CAS researchers say that there is absolutely nothing to prevent this small chip design from being implemented at the wafer level. However, for this iteration, it appears that it will be small chips interconnected using a 2.5D interposer.Interconnects are as crucial as computational components, a fact that has always held true in the design of systems and subsystems.
"The interface is designed using a channel sharing technology based on time-multiplexing mechanisms," the researchers wrote when discussing D2D interconnects. "This approach reduces the number of signals between chips, thereby minimizing the area overhead of I/O bumps and interposer wiring resources, which can significantly reduce the complexity of substrate design. The small chip terminates at the top metal layer, with micro I/O pads built directly on that metal layer."
While a large chip computing engine as a multi-chip or wafer-level composite may be intriguing, it is important to consider how these devices are interconnected to provide exascale computing systems. Here is what CAS researchers have to say on this matter:
The researchers wrote, "For current and future exascale computing, we predict that a tiered chiplet architecture will be a powerful and flexible solution," as shown in the figure below, which is a lengthy excerpt from the CAS paper. "The tiered chiplet architecture is designed with multiple cores and many chiplets with tiered interconnects. Within the chiplet, cores communicate using ultra-low latency interconnects, while chiplets communicate with each other via low-latency interconnects that benefit from advanced packaging technologies, thus minimizing on-chip latency and NUMA effects in this highly scalable system. The memory hierarchy includes core memory, on-chip memory, and off-chip memory. These three levels of memory differ in terms of memory bandwidth, latency, power consumption, and cost. In the overview of the tiered chiplet architecture, multiple cores are connected through a crossbar switch and share caches. This forms a pod structure, and pods are interconnected via the chiplet's internal network. Multiple pods form a chiplet, which is interconnected via a chiplet-to-chiplet network and then connected to off-chip memory. Careful design is required to fully leverage this hierarchy. Proper utilization of memory bandwidth to balance workloads across different computational tiers can significantly improve the efficiency of chiplet systems. Correctly designing communication network resources ensures that chiplets collaborate on shared memory tasks."

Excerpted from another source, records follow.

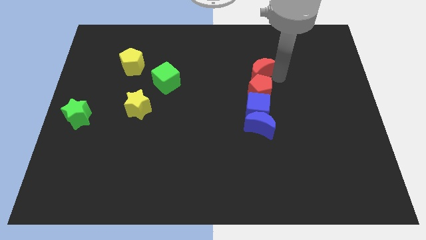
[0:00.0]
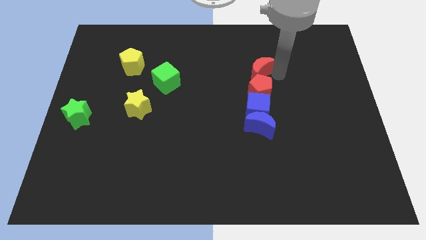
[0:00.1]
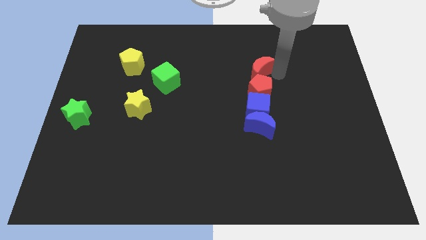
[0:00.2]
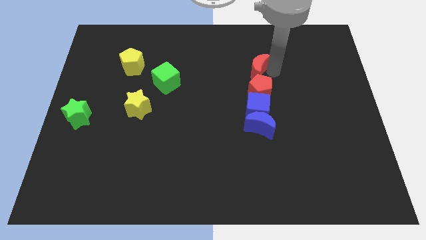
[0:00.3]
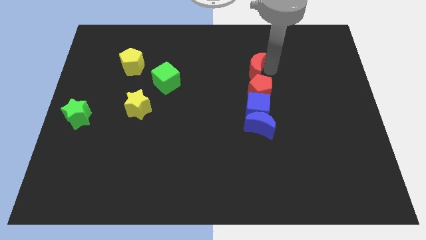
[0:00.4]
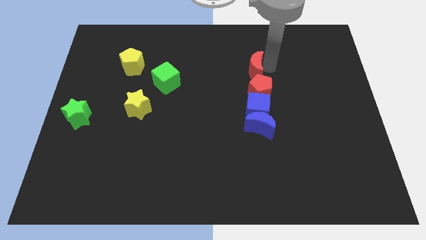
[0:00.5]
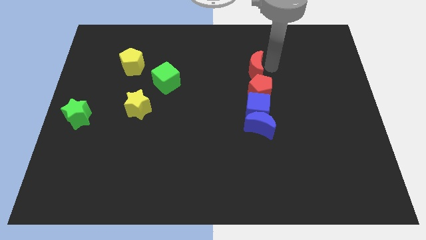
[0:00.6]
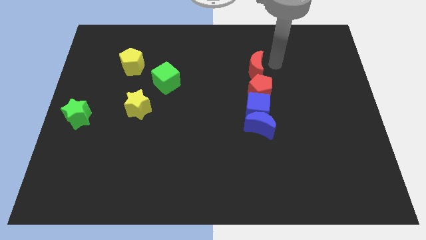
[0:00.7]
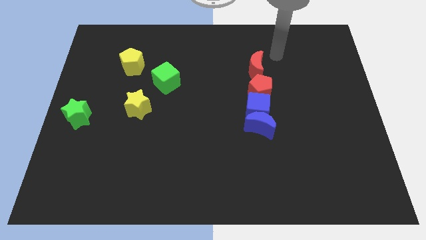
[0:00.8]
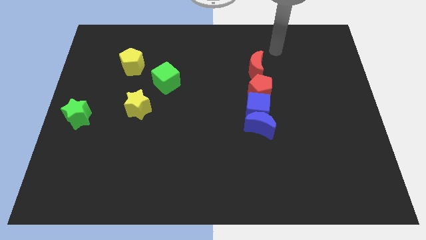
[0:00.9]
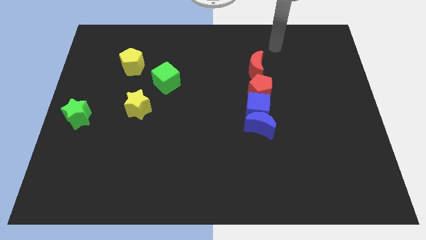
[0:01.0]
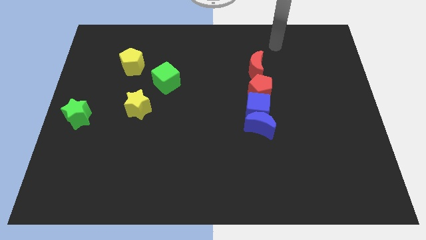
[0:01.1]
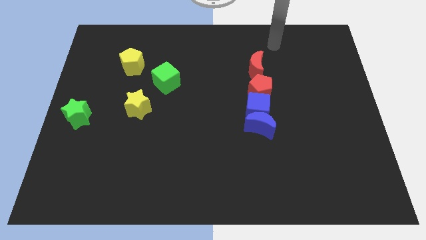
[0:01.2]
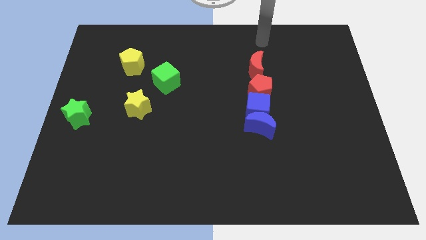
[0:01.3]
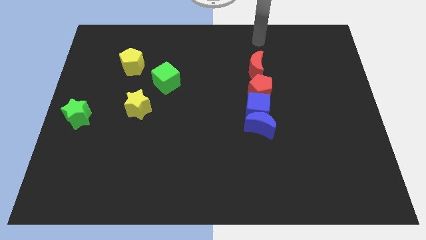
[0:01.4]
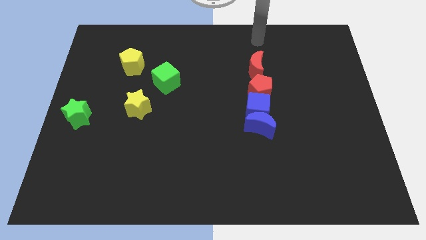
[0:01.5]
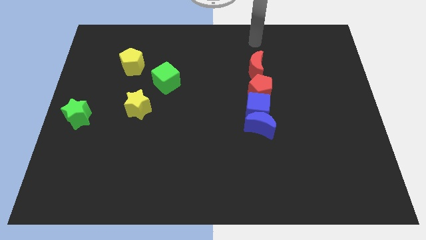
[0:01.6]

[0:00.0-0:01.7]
adjust the red moon at the top side of the red pentagon

It is difficult to argue with anything stated in this passage, but the CAS researchers do not specify how they will actually address these issues. This is the most challenging part.
Interestingly, the cores in the diagram are referred to as "programmable" and "reconfigurable," but it is unclear what this entails. It may require the use of variable threading technologies (such as IBM's Power8, Power9, and Power10 processors) to accomplish more work rather than mixing CPU and FPGA components within the cores.

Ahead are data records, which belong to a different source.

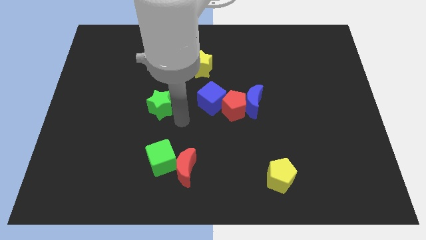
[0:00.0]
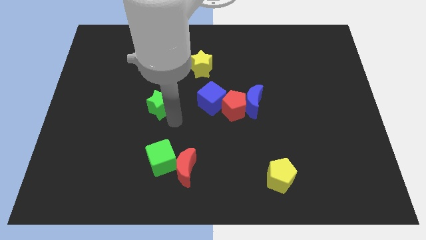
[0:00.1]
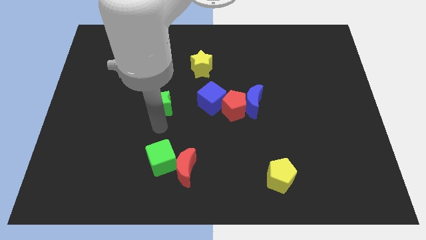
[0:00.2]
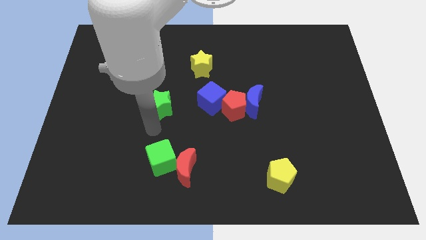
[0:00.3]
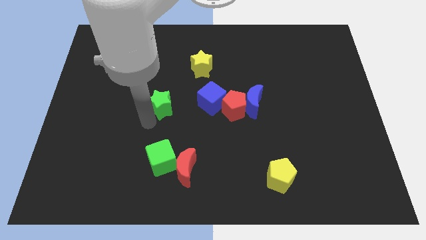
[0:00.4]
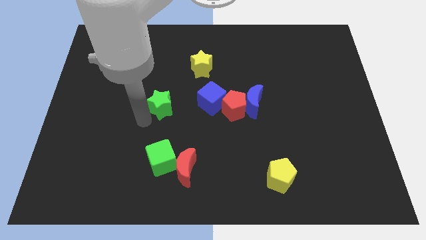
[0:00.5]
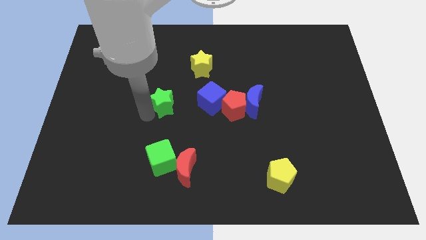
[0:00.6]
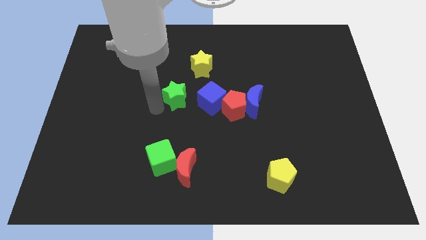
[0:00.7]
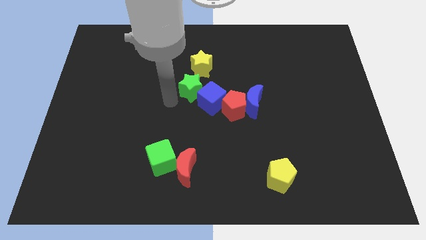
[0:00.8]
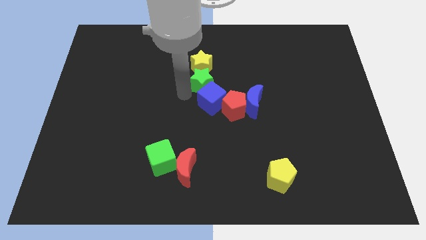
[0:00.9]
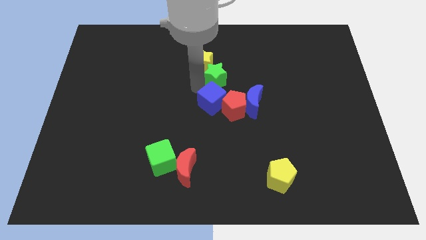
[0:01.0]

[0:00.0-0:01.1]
place green star on top of blue cube

CAS researchers indicate that the large chip computing engine will consist of over one trillion transistors, occupying a total area of thousands of square millimeters, using chiplet packaging or wafer-level integration of computing and storage blocks. For exascale HPC and AI workloads, we believe CAS is likely considering HBM stacked DRAM or some alternative to dual-pumped main memory, such as the MCR memory developed by Intel and SK Hynix. RISC-V cores may have a substantial amount of local SRAM for computation, which could eliminate the need for HBM memory and allow for the acceleration of DDR5 memory using MCR dual-pumped technology. Much depends on the workload and their sensitivity to memory capacity and memory bandwidth.